You want Blackstone Inc. BX 0.00%↑ to keep building the massive data centers that are like the “brains” of AI? You need steel for the building’s framework, and coking coal is to steel what flour is to cakes.
And don’t forget silver — which Barron’s just last week anointed as “a hot AI play” … and copper.
For both those metals, and for other key commodities, demand will keep growing, but costs, in-the-ground reserves, related constraints (like water), and sure-to-tighten regulatory issues will lead to long-term “supply gaps” — as this graph from an academic paper shows us.

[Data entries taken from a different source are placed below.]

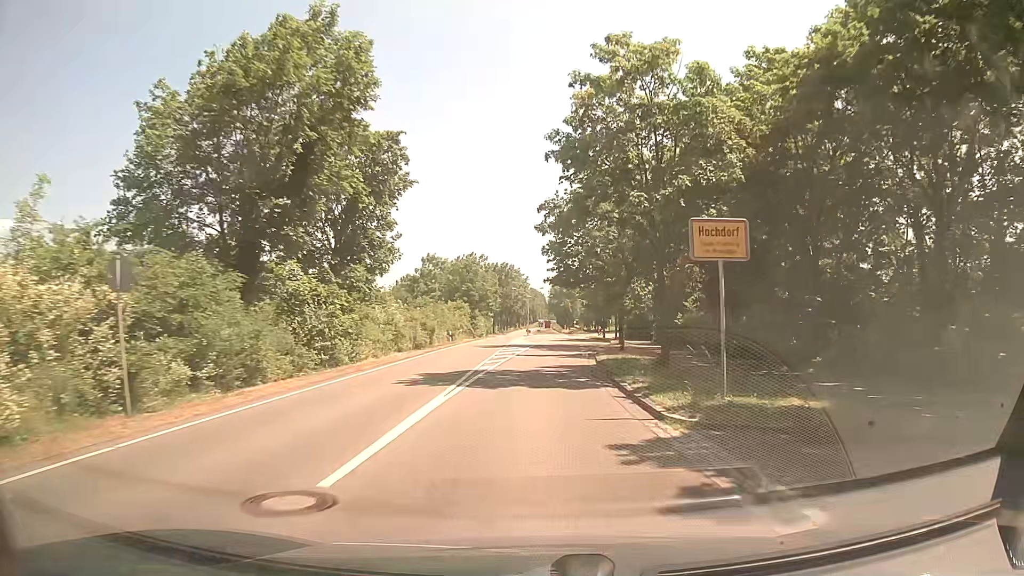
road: secondary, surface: asphalt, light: Day
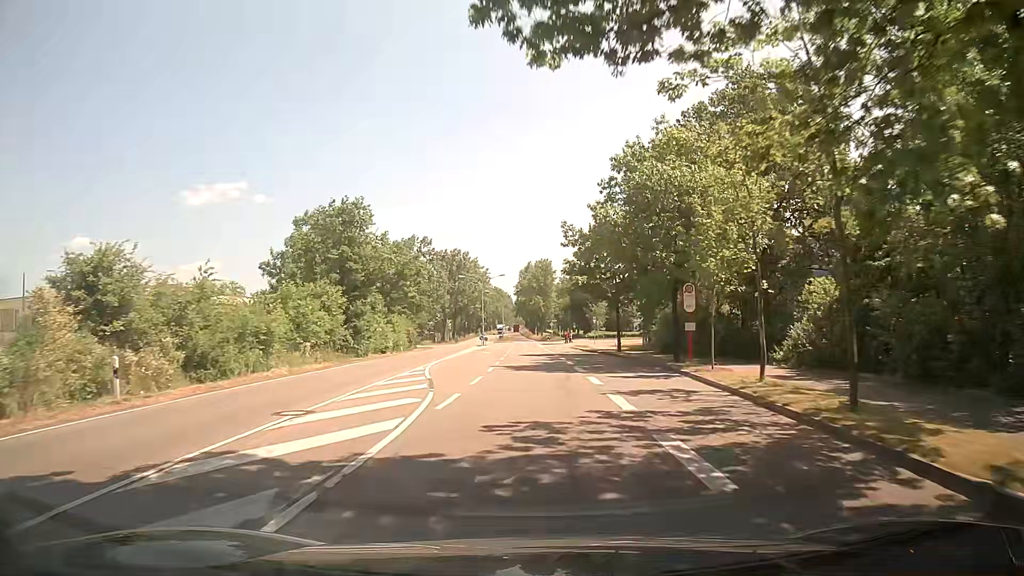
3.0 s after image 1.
(+1.4, +43.9) m; +3°
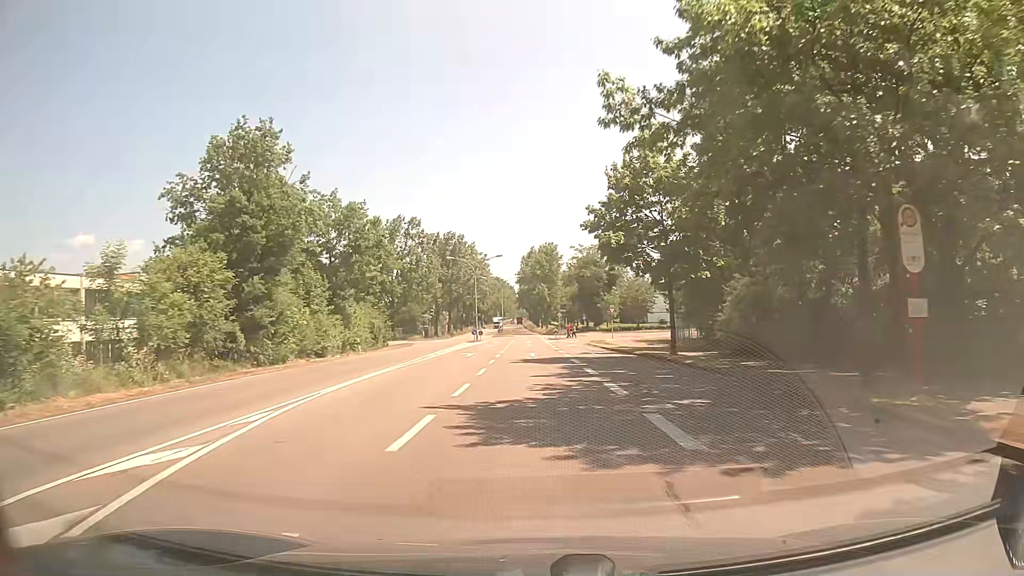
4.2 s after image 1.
(-0.1, +16.4) m; -1°
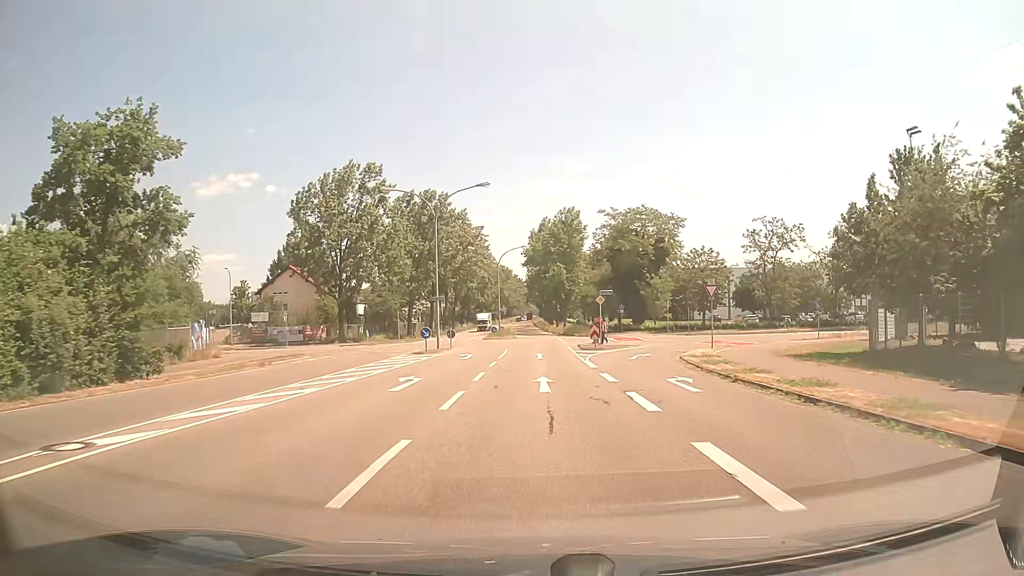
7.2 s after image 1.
(-0.3, +38.3) m; 0°
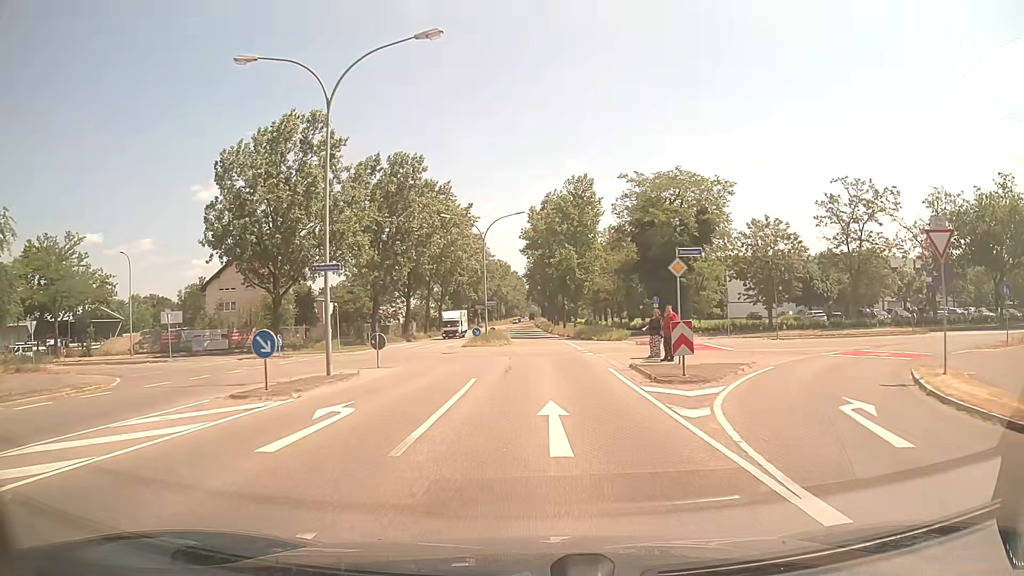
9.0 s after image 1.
(-0.1, +21.7) m; 0°
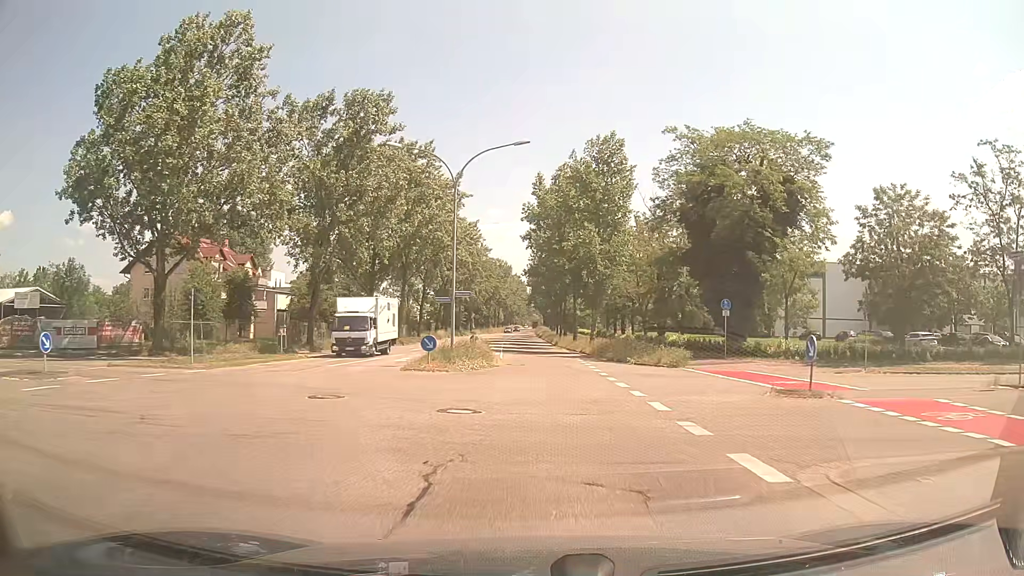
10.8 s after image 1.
(-0.2, +21.2) m; 0°
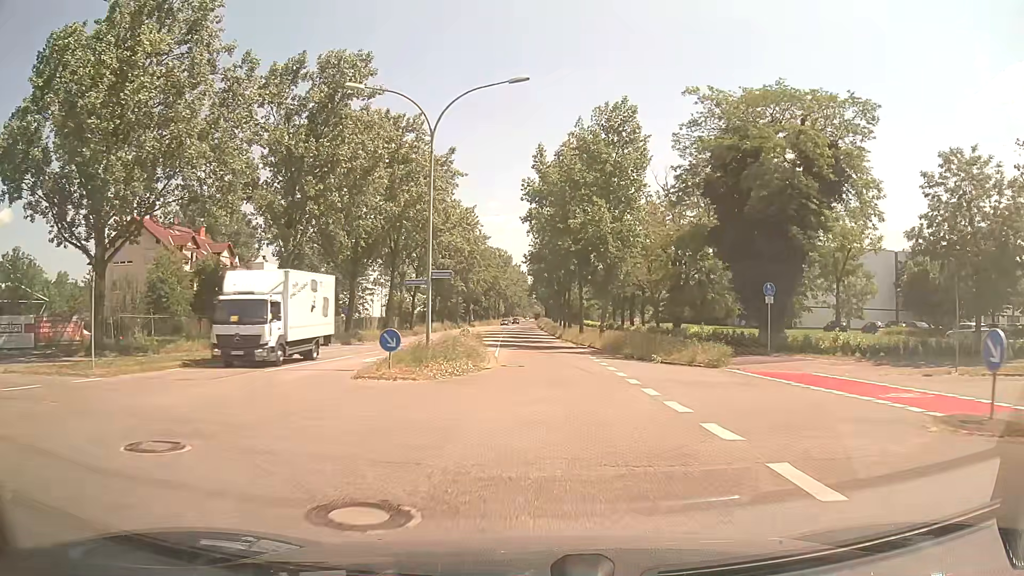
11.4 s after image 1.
(0.0, +7.0) m; 0°
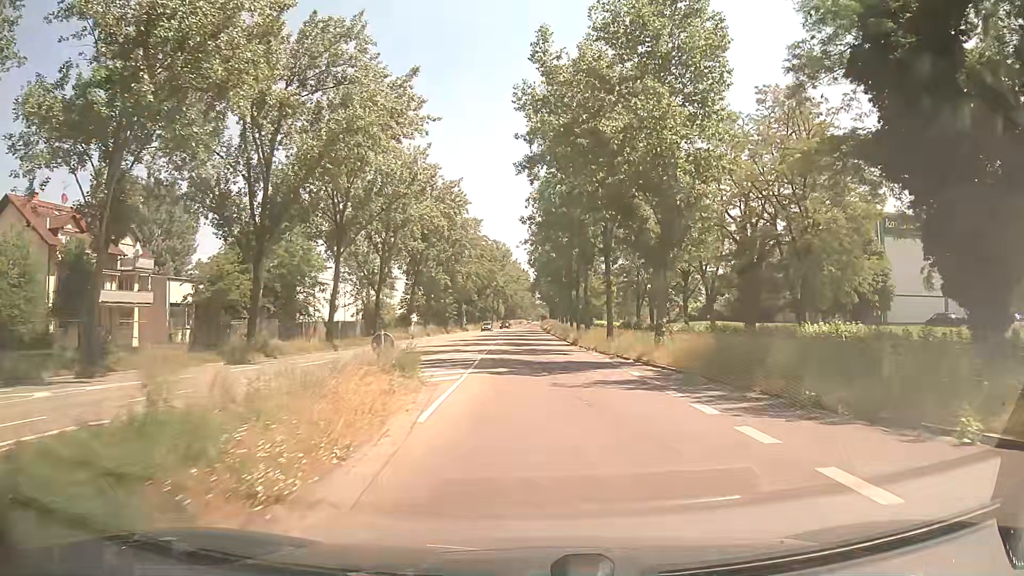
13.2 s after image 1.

Take note of the phrase “long term.” That’s a core element of the Stock Picker’s Corner (SPC) philosophy.
We’re stock pickers here. But more than that, we’re opportunists — long-term opportunists.
We’re Wealth Builders.
We look for wealth wherever we find it.
That also includes “special-situation investments.”
We’re also “critical thinkers.” We look at big storylines — and we analyze the “ingredients” and we look at the “finished product” … the finished “cake.”
And right now, all of this includes the commodities story.
Like flour, commodities are a crucial ingredient for just about everything we make, sell and do. Or, as I like to say, they’re a “window into the economy.”
But right now, the commodities story is not — as a couple folks have asked — a simple “supply-and-demand” tale. There are special-situation Wealth Builder opportunities here — in the companies that bring us those “ingredients” and in the beneficiaries of the long-term storylines that these commodities feed into.
Mix that all together … leave it in your oven for a few years … and in concert with all the other story-fueled stocks we bring you … you’ll bake yourself one hell of a cake.
That’s why — here in Part II of our inaugural SPC Mid-Year Review (and our Desert Island Stocks Challenge that will be shared starting tomorrow) — we’re going to give you a rundown on commodities … and related special situations.
The Crypto Market Grows Up
Overview: The two big events in crypto this year were the Bitcoin (BTC) halving and the approval of Bitcoin ETFs.
Bitcoin YTD Return: 42%
Bitcoin ETFs are the magnet that’s drawing a whole new group of folks into the crypto world — easy to see from the reported $13.9 billion that flowed into SEC-approved ETFs in their first week of trading. And while “The Halving” is over, we know from the past that it takes less than a year for prices to soar in the aftermath. (Check out this chart.)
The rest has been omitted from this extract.